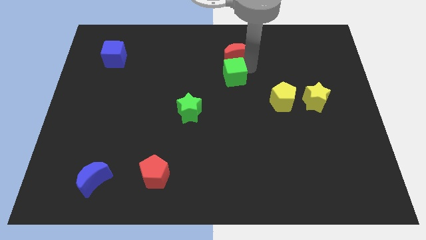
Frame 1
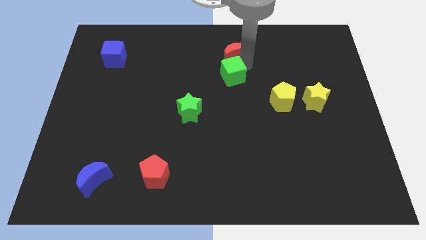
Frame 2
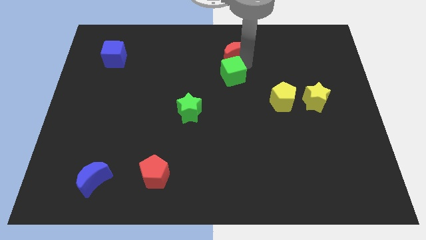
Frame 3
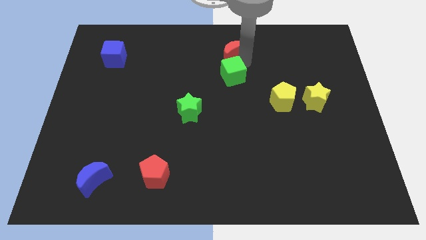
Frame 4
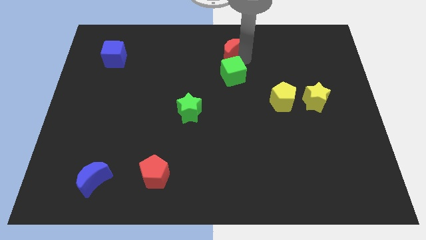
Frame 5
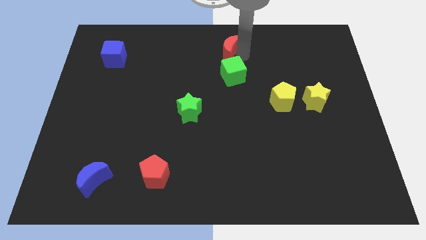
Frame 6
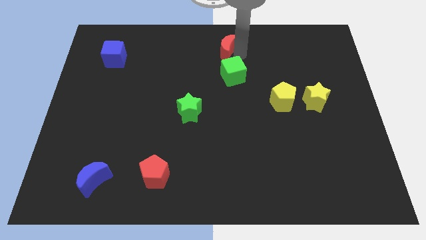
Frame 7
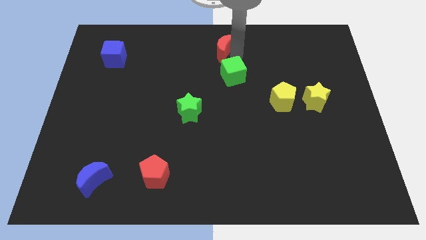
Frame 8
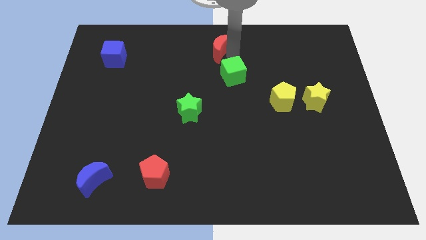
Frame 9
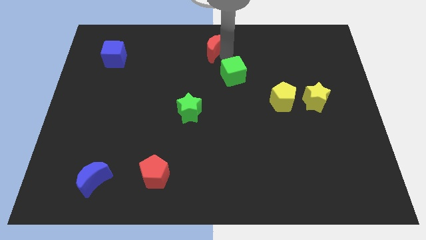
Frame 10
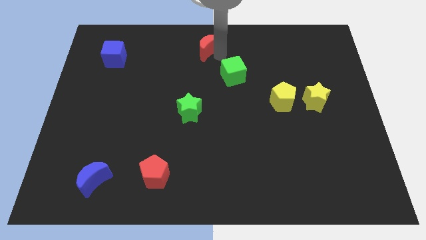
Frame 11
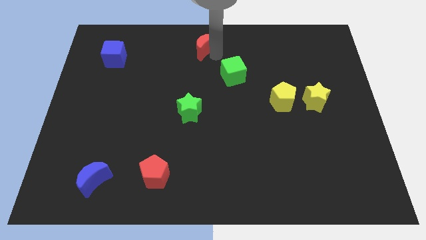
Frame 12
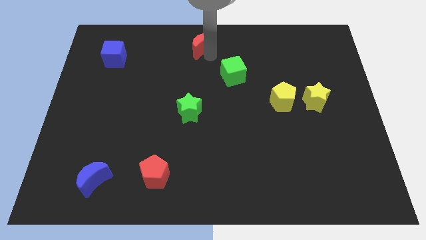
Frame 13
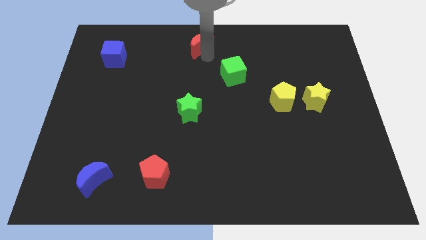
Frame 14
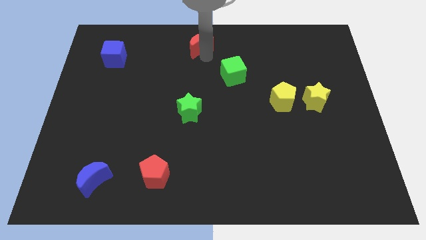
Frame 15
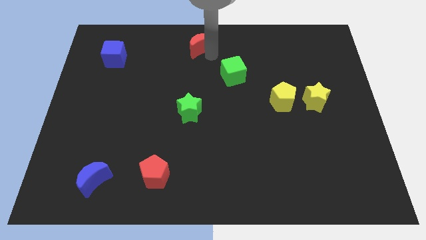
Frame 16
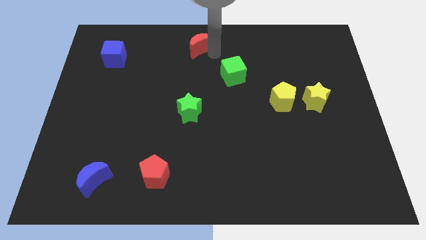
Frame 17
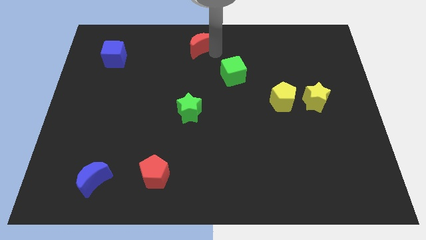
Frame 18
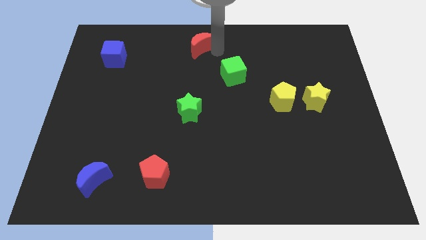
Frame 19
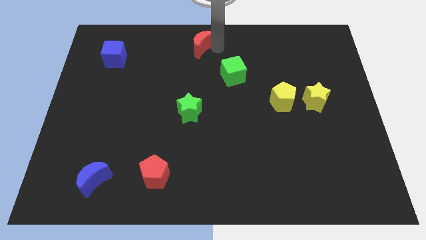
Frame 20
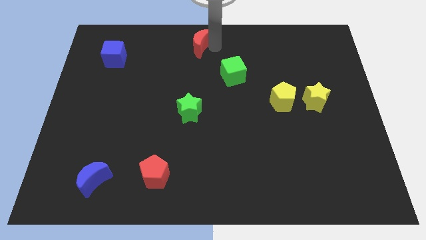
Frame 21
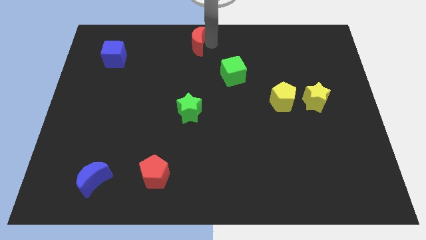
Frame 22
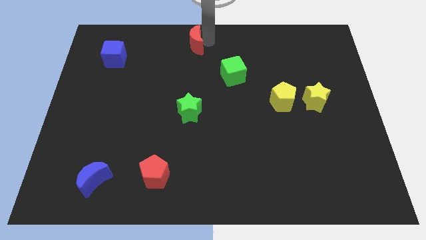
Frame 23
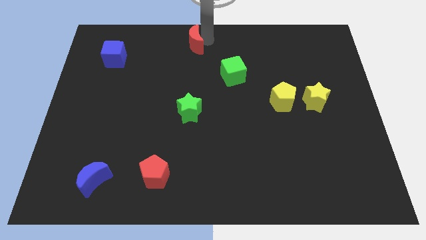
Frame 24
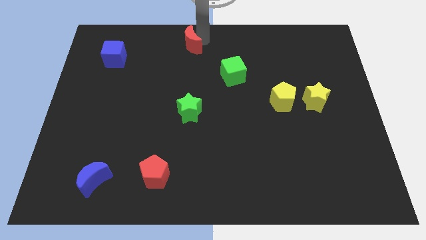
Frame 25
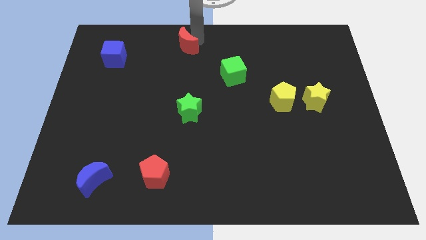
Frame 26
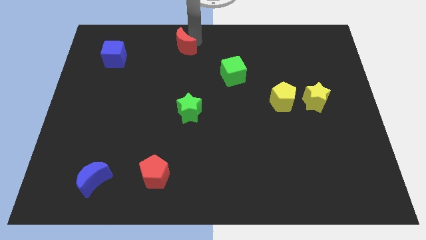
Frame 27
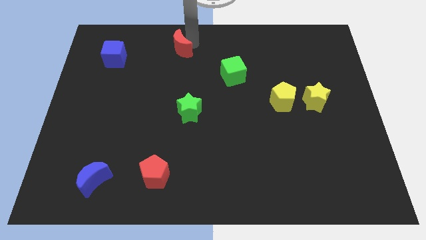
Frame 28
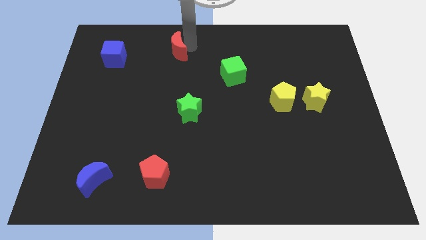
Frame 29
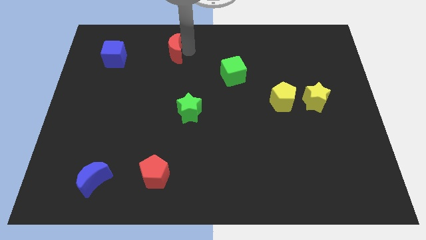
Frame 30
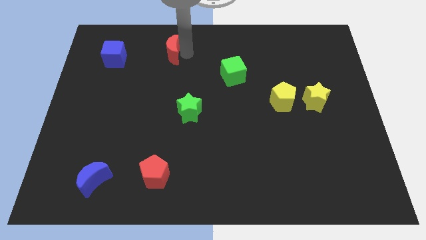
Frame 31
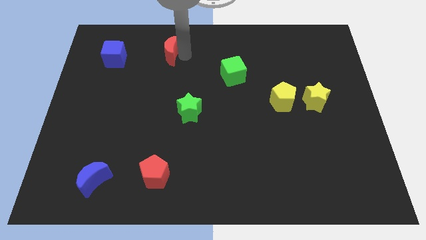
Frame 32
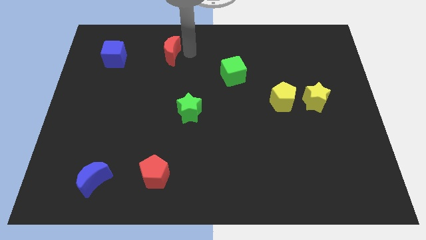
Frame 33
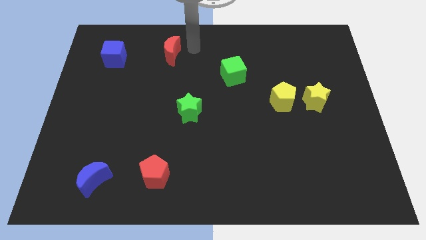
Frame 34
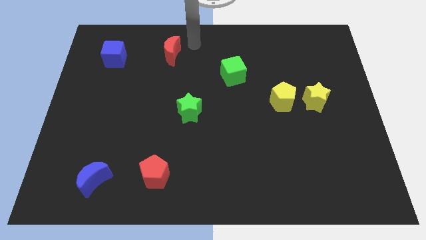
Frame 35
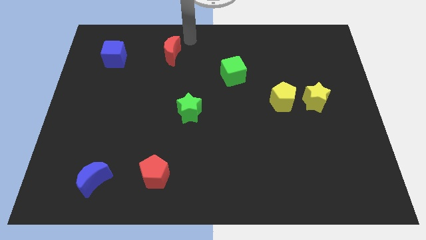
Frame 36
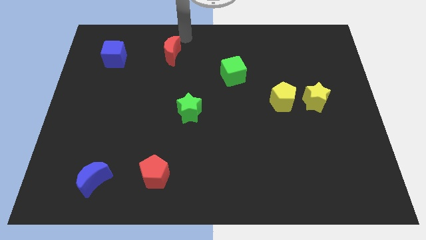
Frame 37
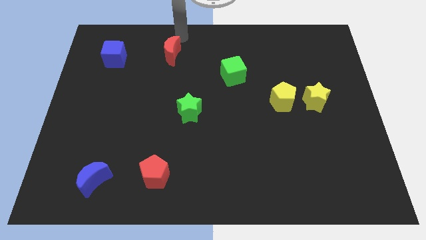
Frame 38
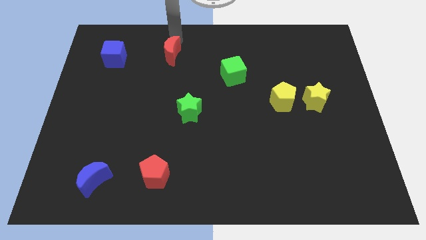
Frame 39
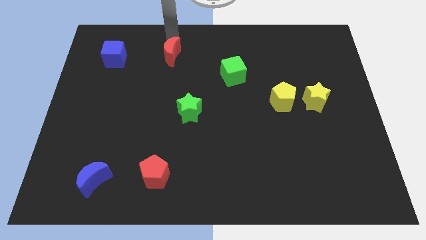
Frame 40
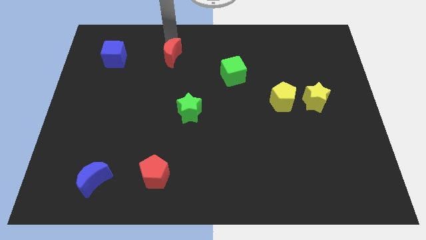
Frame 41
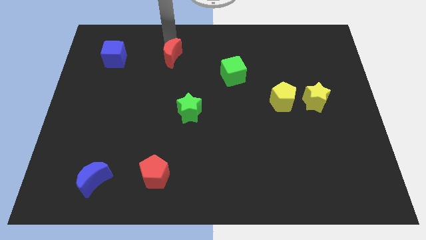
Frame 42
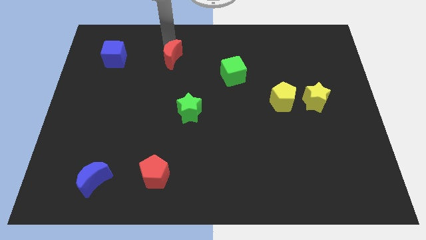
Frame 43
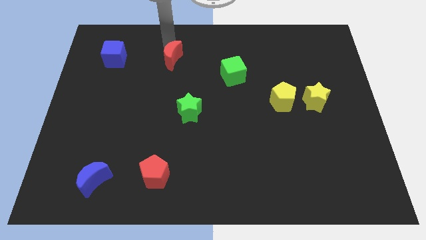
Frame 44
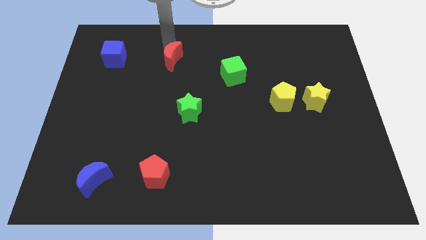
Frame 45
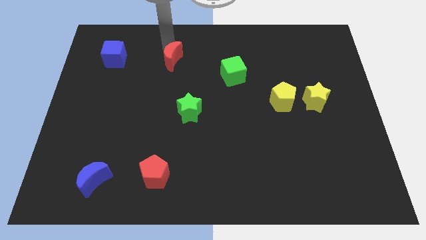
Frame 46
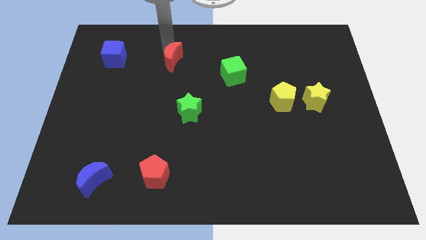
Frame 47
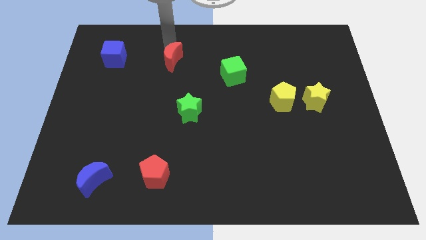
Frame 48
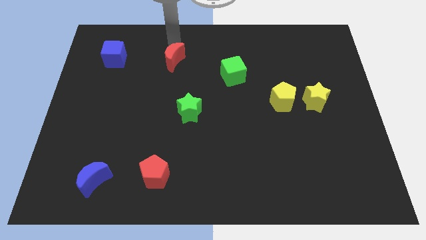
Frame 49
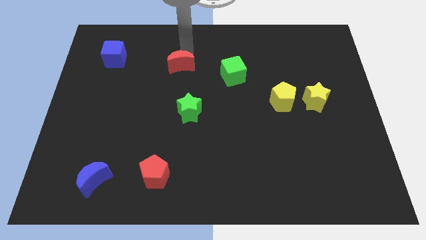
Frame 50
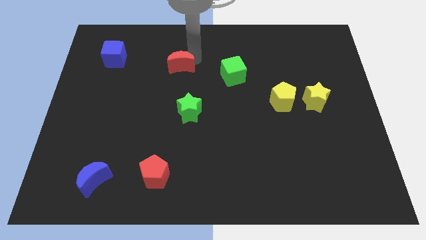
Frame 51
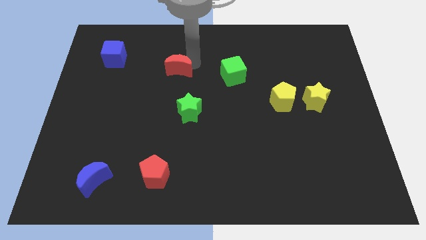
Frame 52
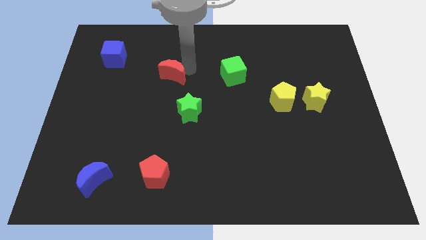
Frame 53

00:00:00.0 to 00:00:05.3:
place the red moon in between the green cube and blue cube

_ _ _ _ _ _ _

*Problem requirements*. Your answer must restate the entries word for word and contain no pictures.

*Exercise answer*.
Frame 1
Frame 2
Frame 3
Frame 4
Frame 5
Frame 6
Frame 7
Frame 8
Frame 9
Frame 10
Frame 11
Frame 12
Frame 13
Frame 14
Frame 15
Frame 16
Frame 17
Frame 18
Frame 19
Frame 20
Frame 21
Frame 22
Frame 23
Frame 24
Frame 25
Frame 26
Frame 27
Frame 28
Frame 29
Frame 30
Frame 31
Frame 32
Frame 33
Frame 34
Frame 35
Frame 36
Frame 37
Frame 38
Frame 39
Frame 40
Frame 41
Frame 42
Frame 43
Frame 44
Frame 45
Frame 46
Frame 47
Frame 48
Frame 49
Frame 50
Frame 51
Frame 52
Frame 53

00:00:00.0 to 00:00:05.3:
place the red moon in between the green cube and blue cube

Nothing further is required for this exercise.